It is also known to have both connection electrodes on the same Ge housing part, for example on the cover part or on the lower part, to be provided by the temperature-dependent switching mechanism over a kind of current bridge depending on the temperature in Can be connected.

When assembling such temperature-dependent switches the temperature-dependent switching mechanism is inserted in the lower part, which is then closed by the cover part. this happens usually in that a raised edge of the lower part is flanged if the lower part is made of metal, or hot pressed if the lower part made of insulating material consists. It is also known that the cover part and the lower part fit into one another to push and connect with each other via detents.  

The connection point between the lower part and the cover part represents a seam that gives rise to tightness problems. The temperature-dependent switches are namely often used in dusty or damp environments, so that dust and moisture must be prevented from entering the Penetrate inside the switch and impair its function term. In addition, these switches must have an appropriate one Have dielectric strength, because over the switches can there are great tensions that do not cause the scarf to break through ters in the area of the interface.

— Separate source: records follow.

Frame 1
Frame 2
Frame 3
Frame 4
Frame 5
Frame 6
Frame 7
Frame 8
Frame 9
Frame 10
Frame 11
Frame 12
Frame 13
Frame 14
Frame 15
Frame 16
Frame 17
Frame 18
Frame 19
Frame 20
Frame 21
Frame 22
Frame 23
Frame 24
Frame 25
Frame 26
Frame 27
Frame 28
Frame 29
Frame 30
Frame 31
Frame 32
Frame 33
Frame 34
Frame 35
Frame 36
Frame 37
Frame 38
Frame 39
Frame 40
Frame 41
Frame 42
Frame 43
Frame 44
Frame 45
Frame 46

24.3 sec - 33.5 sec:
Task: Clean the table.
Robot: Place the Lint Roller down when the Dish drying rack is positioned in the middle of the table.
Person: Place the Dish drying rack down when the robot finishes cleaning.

Various possibilities are now available in the prior art wrote, about the corresponding stress exposed tempe Optionally sealed switches depending on customer requirements become.

The usual procedure for manufacturers of such switches is such that these switches including their connection technology, i.e. the soldered connection leads or other Zu lines, are manufactured before certain lots of so assembled switch with a special seal ver will see.

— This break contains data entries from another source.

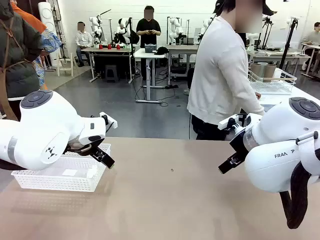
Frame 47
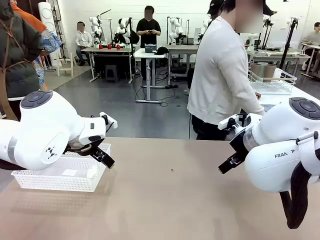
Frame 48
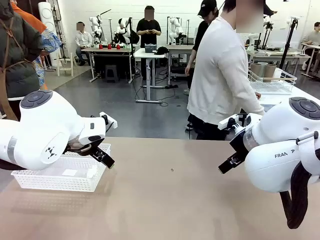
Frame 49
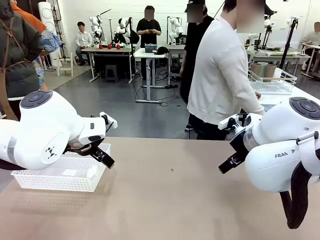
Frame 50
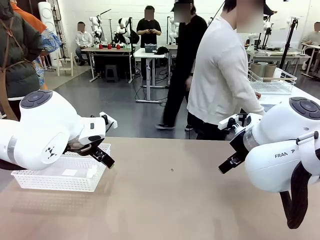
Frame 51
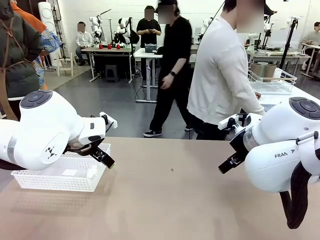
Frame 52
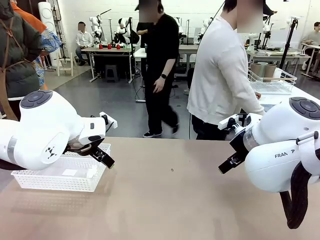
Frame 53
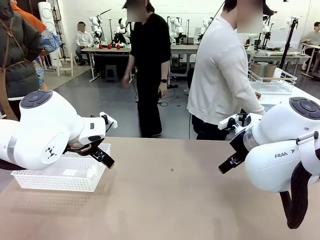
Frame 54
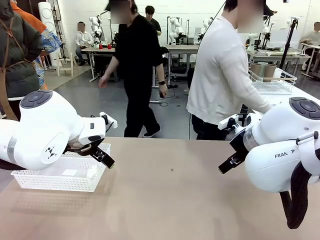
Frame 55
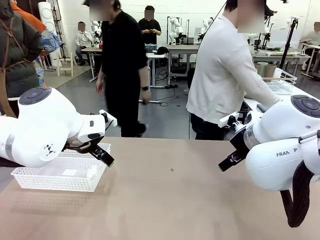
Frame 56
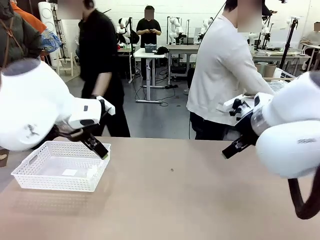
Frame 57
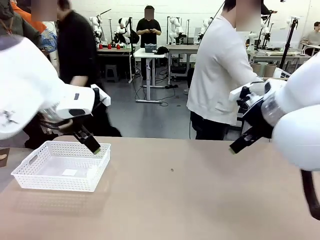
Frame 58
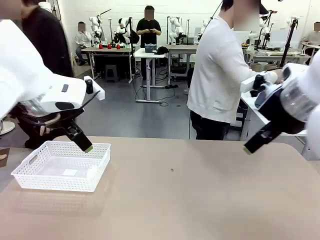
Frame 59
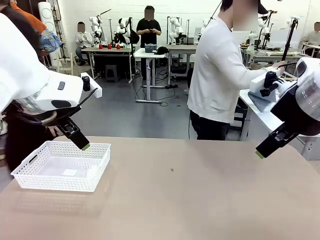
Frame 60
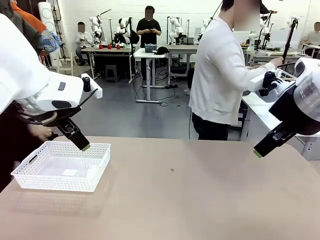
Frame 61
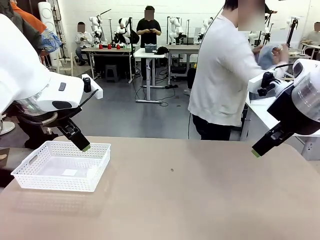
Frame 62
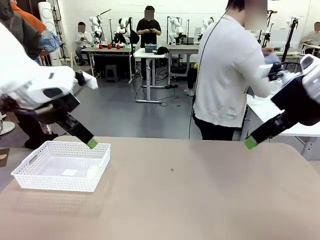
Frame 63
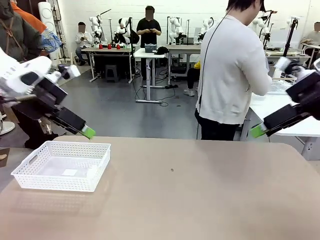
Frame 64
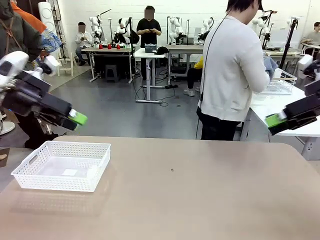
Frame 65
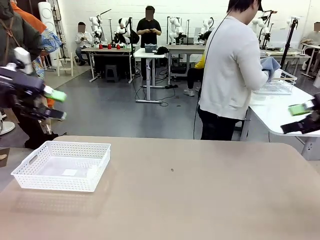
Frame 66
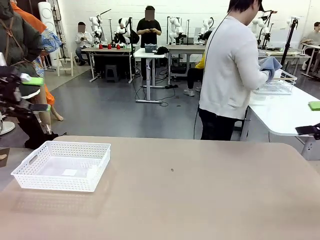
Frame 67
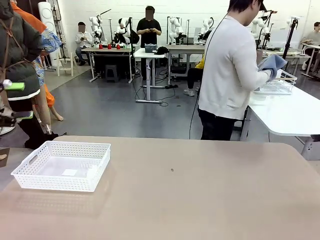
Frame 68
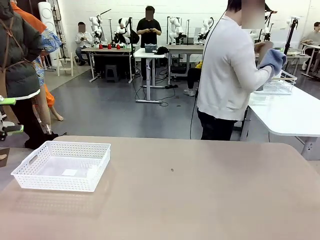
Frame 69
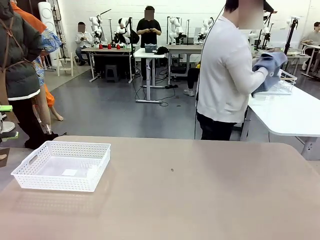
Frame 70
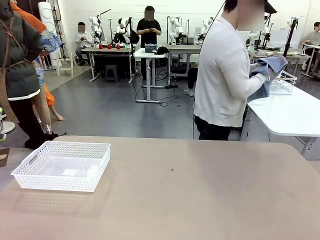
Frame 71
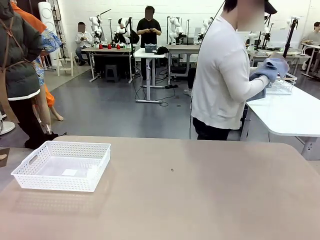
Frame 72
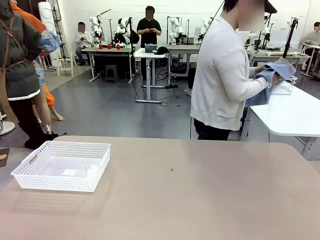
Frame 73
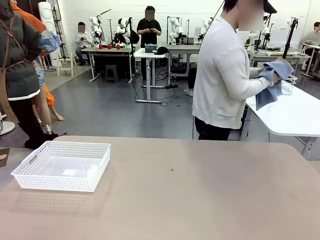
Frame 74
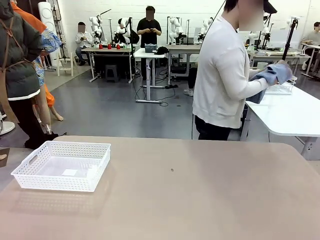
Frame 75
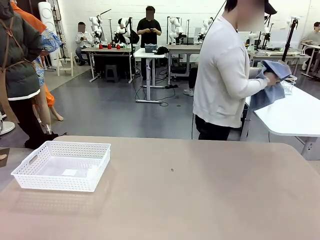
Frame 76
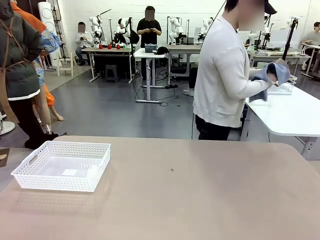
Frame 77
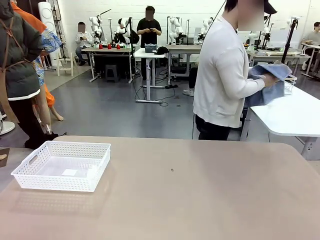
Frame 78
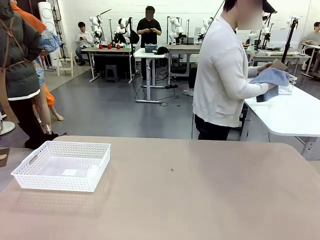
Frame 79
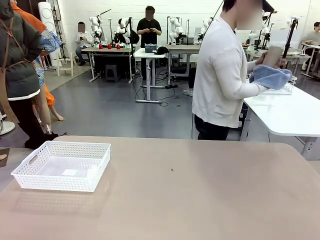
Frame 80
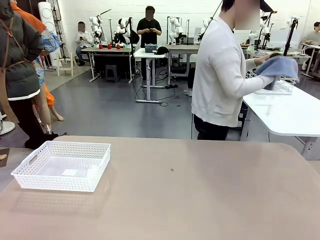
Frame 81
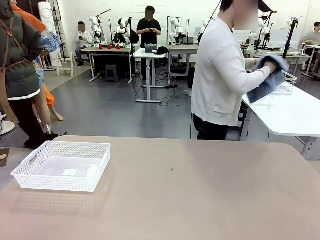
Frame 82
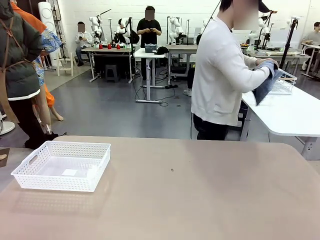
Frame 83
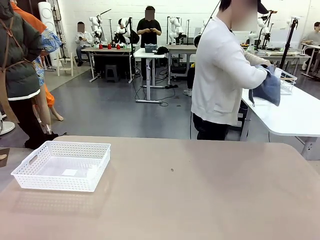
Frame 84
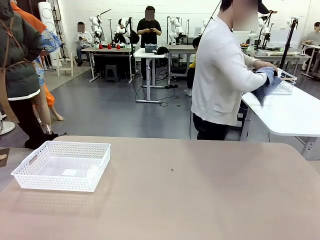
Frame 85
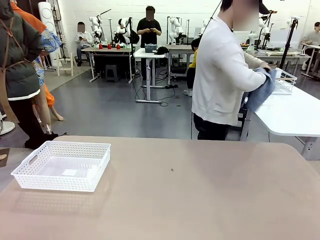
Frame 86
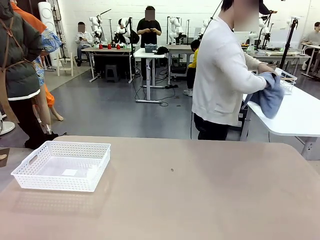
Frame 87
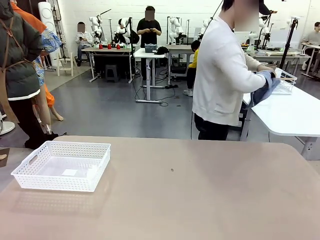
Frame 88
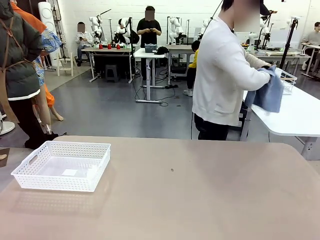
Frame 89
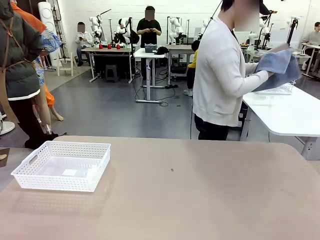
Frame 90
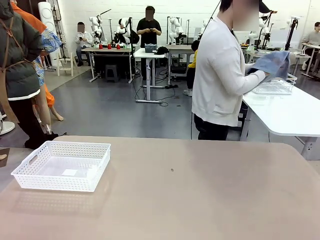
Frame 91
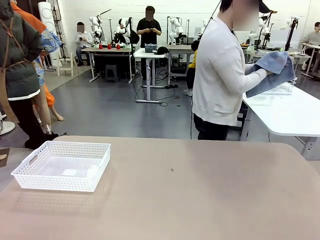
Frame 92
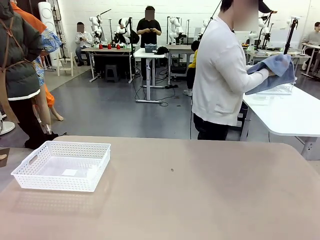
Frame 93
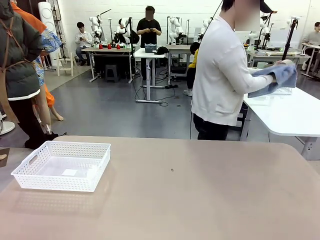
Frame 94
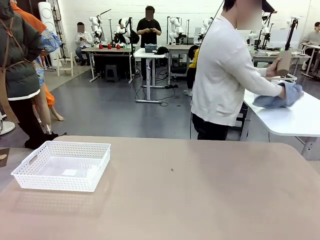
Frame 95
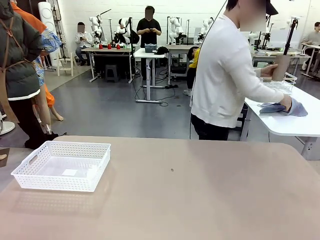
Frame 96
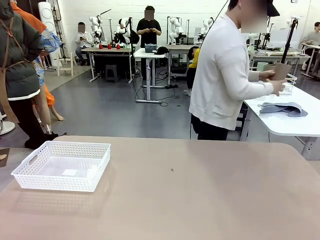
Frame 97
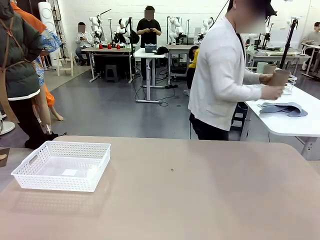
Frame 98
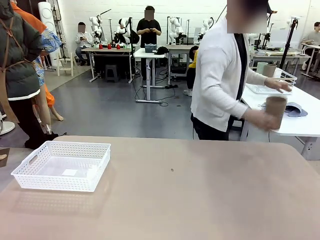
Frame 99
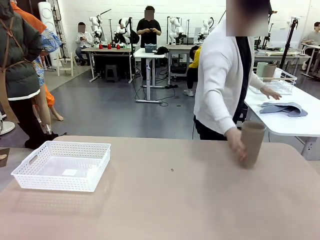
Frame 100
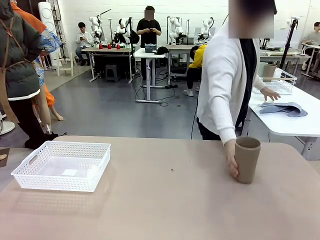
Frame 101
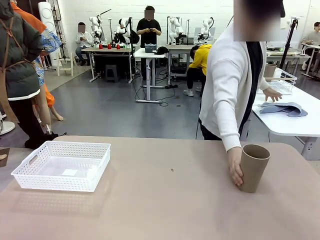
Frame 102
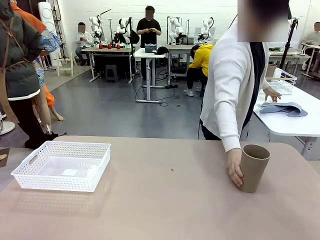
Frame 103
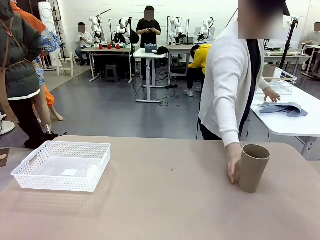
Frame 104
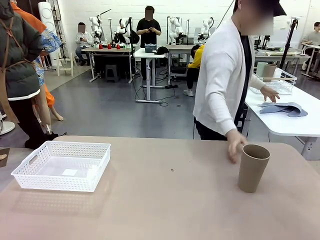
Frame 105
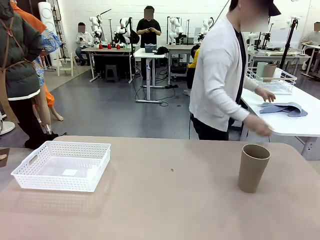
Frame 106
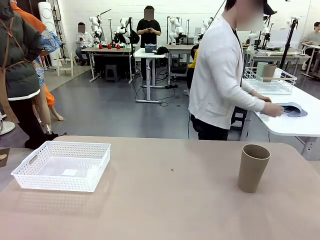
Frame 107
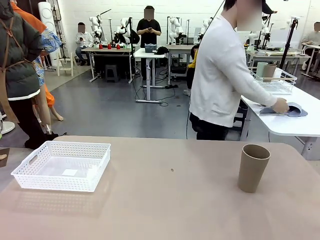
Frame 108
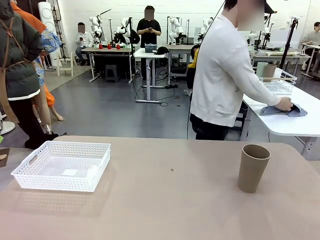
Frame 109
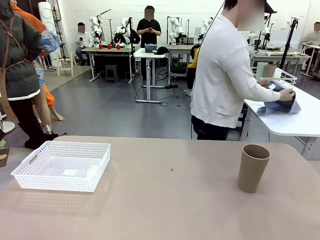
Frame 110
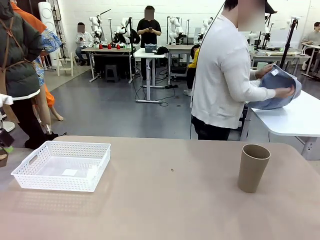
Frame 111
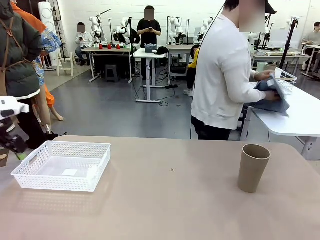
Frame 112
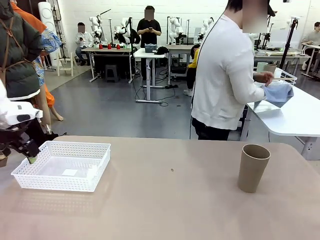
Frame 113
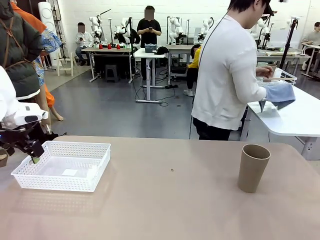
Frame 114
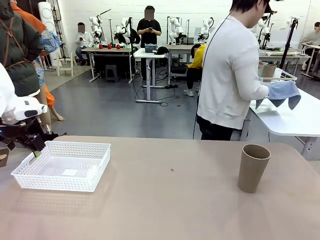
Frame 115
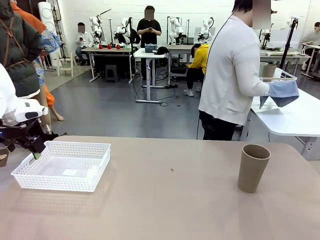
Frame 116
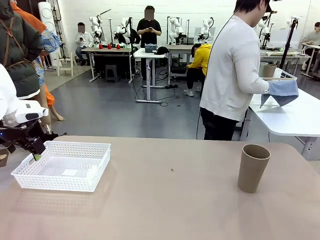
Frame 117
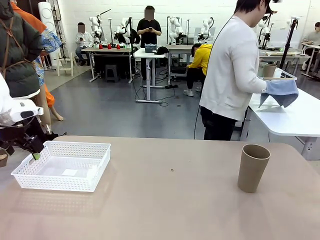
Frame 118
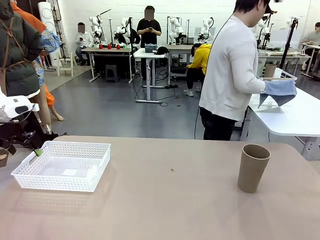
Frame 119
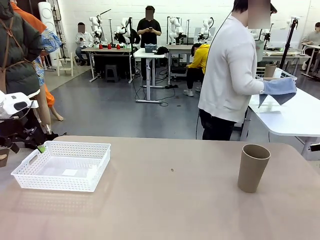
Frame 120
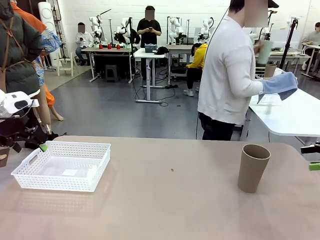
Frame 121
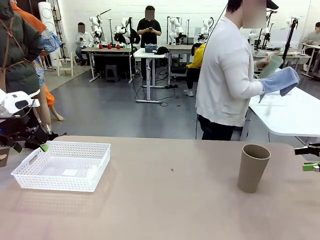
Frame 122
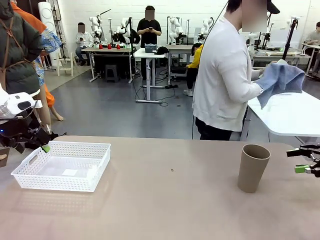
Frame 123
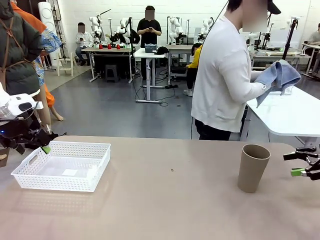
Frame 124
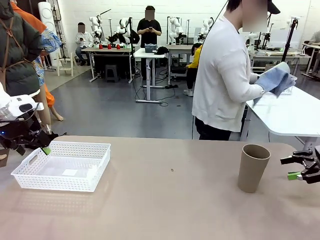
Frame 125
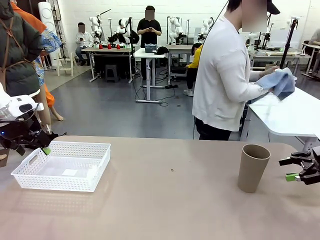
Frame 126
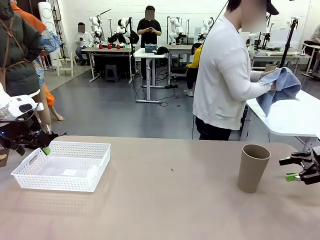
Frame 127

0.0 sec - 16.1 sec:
Task: Clean and organize the cups into the basket.
Robot: Pick up the Organizing basket and move it to the center of the table, then pick up the Reusable plastic cup from the right side of the table and place it inside the Organizing basket.
Person: Picks up a cup and a towel, cleans the cup with the towel, and places it on the left side of the robot table.

DE 196 09 310 A1 describes a temperature-dependent switch known in which the lower part made of insulating material and Cover part is made of metal. The seal between the lower part and the cover part is made using a hot ver pressed edge. In everyday operation it has now emerged that this hot-pressed edge is often not necessary tightness against dust and moisture.  

DE 196 23 570 A1 describes a temperature-dependent switch known in the lower part and cover part made of metal are, with a Kapton film between these two housings share not only for the required electrical insulation but also for tightness against dust and moisture should worry. For this purpose is a raised edge of the lower part flanged onto the cover part. Here too it turned out that this and comparable scarf even with a flanged edge certain conditions is not sufficient if an iso lier film is provided.

DE 41 39 091 A1 describes a temperature-dependent switch known to increase the dielectric strength and Protection against dust and moisture fully encapsulated or resinous is, with verses at least in the area of the connection flags hen connecting electrodes in a very complex process sealing with a one-component thermoset.

Finally, it is also known from DE 197 54 158 A1, one temperature dependent switch completely with a shrink to surround the cap from which the connecting strands protrude. The slipped-on shrink cap is hot pressed or glued.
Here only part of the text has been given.